● **Records supplied**:
------

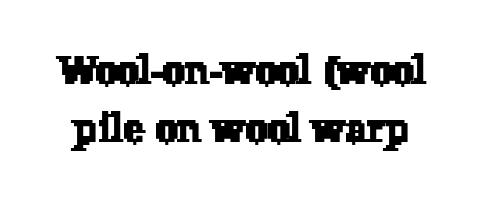
{"serif": "yes", "width": "normal", "stroke_contrast": "low", "x_height": "medium", "monospaced": "no", "underline": "no", "line_spacing": "normal", "line_spacing_ratio": 1.44, "letter_spacing": "normal", "letter_spacing_em": 0.0, "glyph_px": 40}
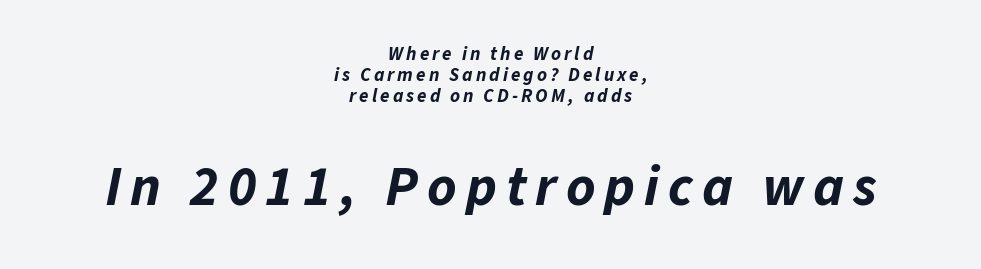
The image shows 56 px bold type, italic (leaning right); set centered, tight line spacing (1.1x), not underlined; the second (bottom) block is 2.95x larger; low stroke contrast and a medium x-height.
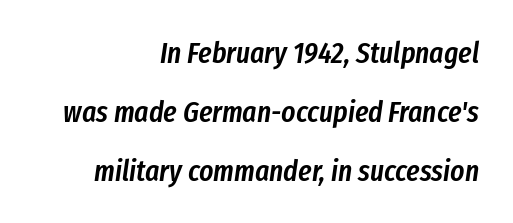
Q: Is the text bold? A: Semi-bold.
Q: Is the text italic (slanted)? A: Yes, it leans right by about 8 degrees.
Q: Is the text underlined? A: No.
Q: How is the paragraph aligned? A: Right-aligned.
Q: Is the spacing between letters normal or unusually wide? A: Normal.
Q: Is the spacing between lines tight, normal or loose? A: Loose.
Q: Width (condensed, normal, or wide)? A: Condensed.
Q: Stroke contrast? A: Low.
Q: x-height? A: Medium.
Q: Monospaced? A: No.
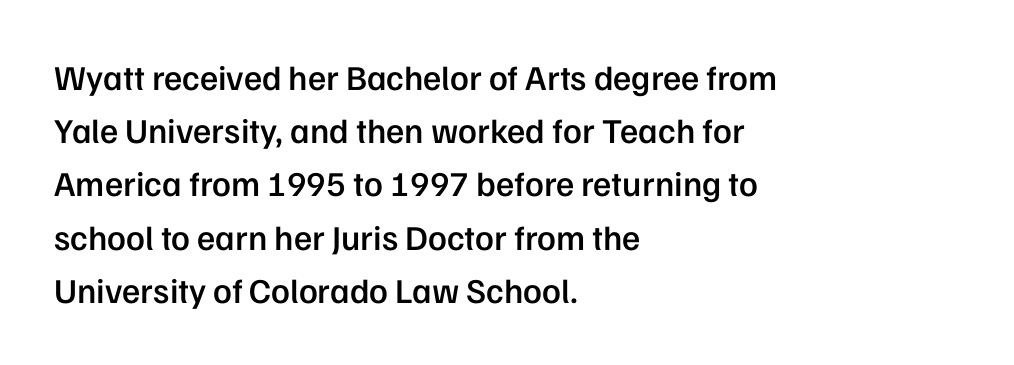
Q: Is the text bold? A: Semi-bold.
Q: Is the text italic (slanted)? A: No, it is upright.
Q: Is the typeface a serif or a sans-serif typeface? A: Sans-serif.
Q: Is the text underlined? A: No.
Q: How is the paragraph aligned? A: Left-aligned.
Q: Is the spacing between letters normal or unusually wide? A: Normal.
Q: Is the spacing between lines tight, normal or loose? A: Normal.
Q: Width (condensed, normal, or wide)? A: Normal.
Q: Stroke contrast? A: Low.
Q: x-height? A: Medium.
Q: Monospaced? A: No.
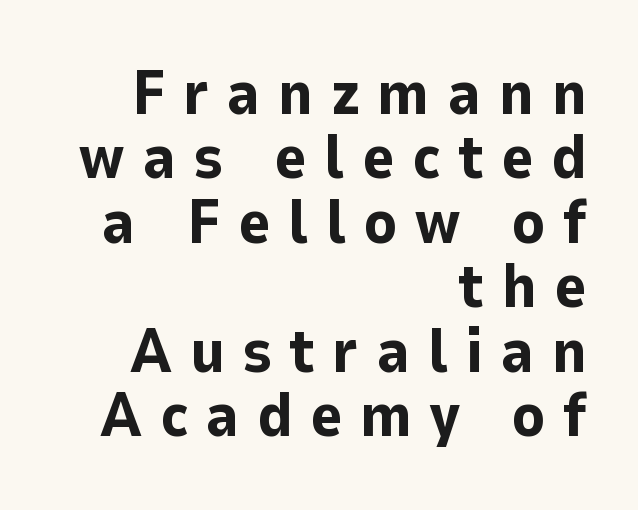
The image shows 62 px bold sans-serif type, upright; set right-aligned, tight line spacing (1.04x), unusually wide letter spacing (+0.28 em), not underlined; low stroke contrast and a medium x-height.
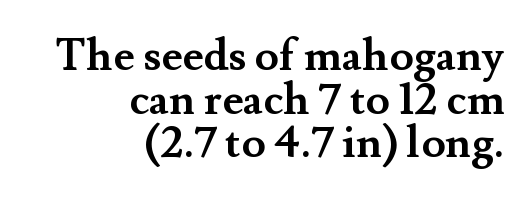
{"serif": "yes", "italic": "no", "bold": "yes", "weight": "semibold", "width": "normal", "stroke_contrast": "medium", "x_height": "small", "monospaced": "no", "underline": "no", "align": "right", "line_spacing": "tight", "line_spacing_ratio": 0.99, "letter_spacing": "normal", "letter_spacing_em": 0.0, "glyph_px": 44}
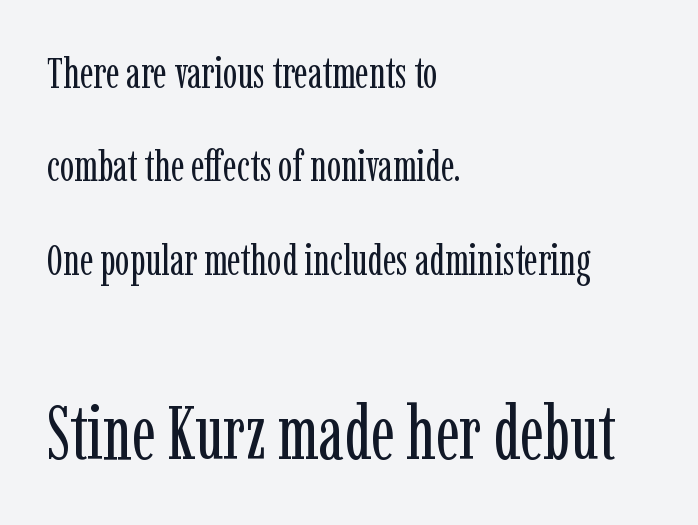
{"serif": "yes", "italic": "no", "bold": "no", "weight": "regular", "width": "condensed", "stroke_contrast": "low", "x_height": "medium", "monospaced": "no", "underline": "no", "align": "left", "line_spacing": "loose", "line_spacing_ratio": 2.17, "letter_spacing": "normal", "letter_spacing_em": 0.0, "larger_block": "second", "size_ratio": 1.74, "glyph_px": 75}
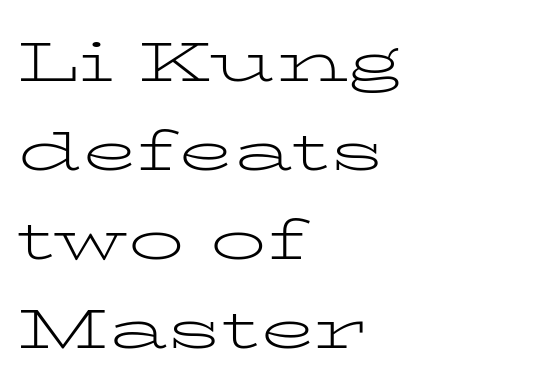
{"serif": "yes", "italic": "no", "bold": "no", "weight": "light", "width": "wide", "stroke_contrast": "low", "x_height": "medium", "monospaced": "no", "underline": "no", "align": "left", "line_spacing": "normal", "line_spacing_ratio": 1.59, "letter_spacing": "normal", "letter_spacing_em": 0.0, "glyph_px": 56}
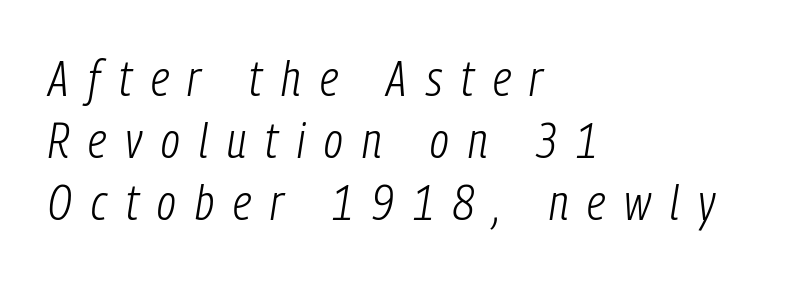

------

● **Task statement**:
An exact copy of every record above is needed, with all pictures left out.

● **Result of this exercise**:
{"serif": "yes", "width": "normal", "stroke_contrast": "low", "x_height": "medium", "monospaced": "no", "underline": "no", "line_spacing": "normal", "line_spacing_ratio": 1.44, "letter_spacing": "normal", "letter_spacing_em": 0.0, "glyph_px": 40}
The image shows 56 px bold type, italic (leaning right); set centered, tight line spacing (1.1x), not underlined; the second (bottom) block is 2.95x larger; low stroke contrast and a medium x-height.
Q: Is the text bold? A: Semi-bold.
Q: Is the text italic (slanted)? A: Yes, it leans right by about 8 degrees.
Q: Is the text underlined? A: No.
Q: How is the paragraph aligned? A: Right-aligned.
Q: Is the spacing between letters normal or unusually wide? A: Normal.
Q: Is the spacing between lines tight, normal or loose? A: Loose.
Q: Width (condensed, normal, or wide)? A: Condensed.
Q: Stroke contrast? A: Low.
Q: x-height? A: Medium.
Q: Monospaced? A: No.
Q: Is the text bold? A: Semi-bold.
Q: Is the text italic (slanted)? A: No, it is upright.
Q: Is the typeface a serif or a sans-serif typeface? A: Sans-serif.
Q: Is the text underlined? A: No.
Q: How is the paragraph aligned? A: Left-aligned.
Q: Is the spacing between letters normal or unusually wide? A: Normal.
Q: Is the spacing between lines tight, normal or loose? A: Normal.
Q: Width (condensed, normal, or wide)? A: Normal.
Q: Stroke contrast? A: Low.
Q: x-height? A: Medium.
Q: Monospaced? A: No.
The image shows 62 px bold sans-serif type, upright; set right-aligned, tight line spacing (1.04x), unusually wide letter spacing (+0.28 em), not underlined; low stroke contrast and a medium x-height.
{"serif": "yes", "italic": "no", "bold": "yes", "weight": "semibold", "width": "normal", "stroke_contrast": "medium", "x_height": "small", "monospaced": "no", "underline": "no", "align": "right", "line_spacing": "tight", "line_spacing_ratio": 0.99, "letter_spacing": "normal", "letter_spacing_em": 0.0, "glyph_px": 44}
{"serif": "yes", "italic": "no", "bold": "no", "weight": "regular", "width": "condensed", "stroke_contrast": "low", "x_height": "medium", "monospaced": "no", "underline": "no", "align": "left", "line_spacing": "loose", "line_spacing_ratio": 2.17, "letter_spacing": "normal", "letter_spacing_em": 0.0, "larger_block": "second", "size_ratio": 1.74, "glyph_px": 75}
{"serif": "yes", "italic": "no", "bold": "no", "weight": "light", "width": "wide", "stroke_contrast": "low", "x_height": "medium", "monospaced": "no", "underline": "no", "align": "left", "line_spacing": "normal", "line_spacing_ratio": 1.59, "letter_spacing": "normal", "letter_spacing_em": 0.0, "glyph_px": 56}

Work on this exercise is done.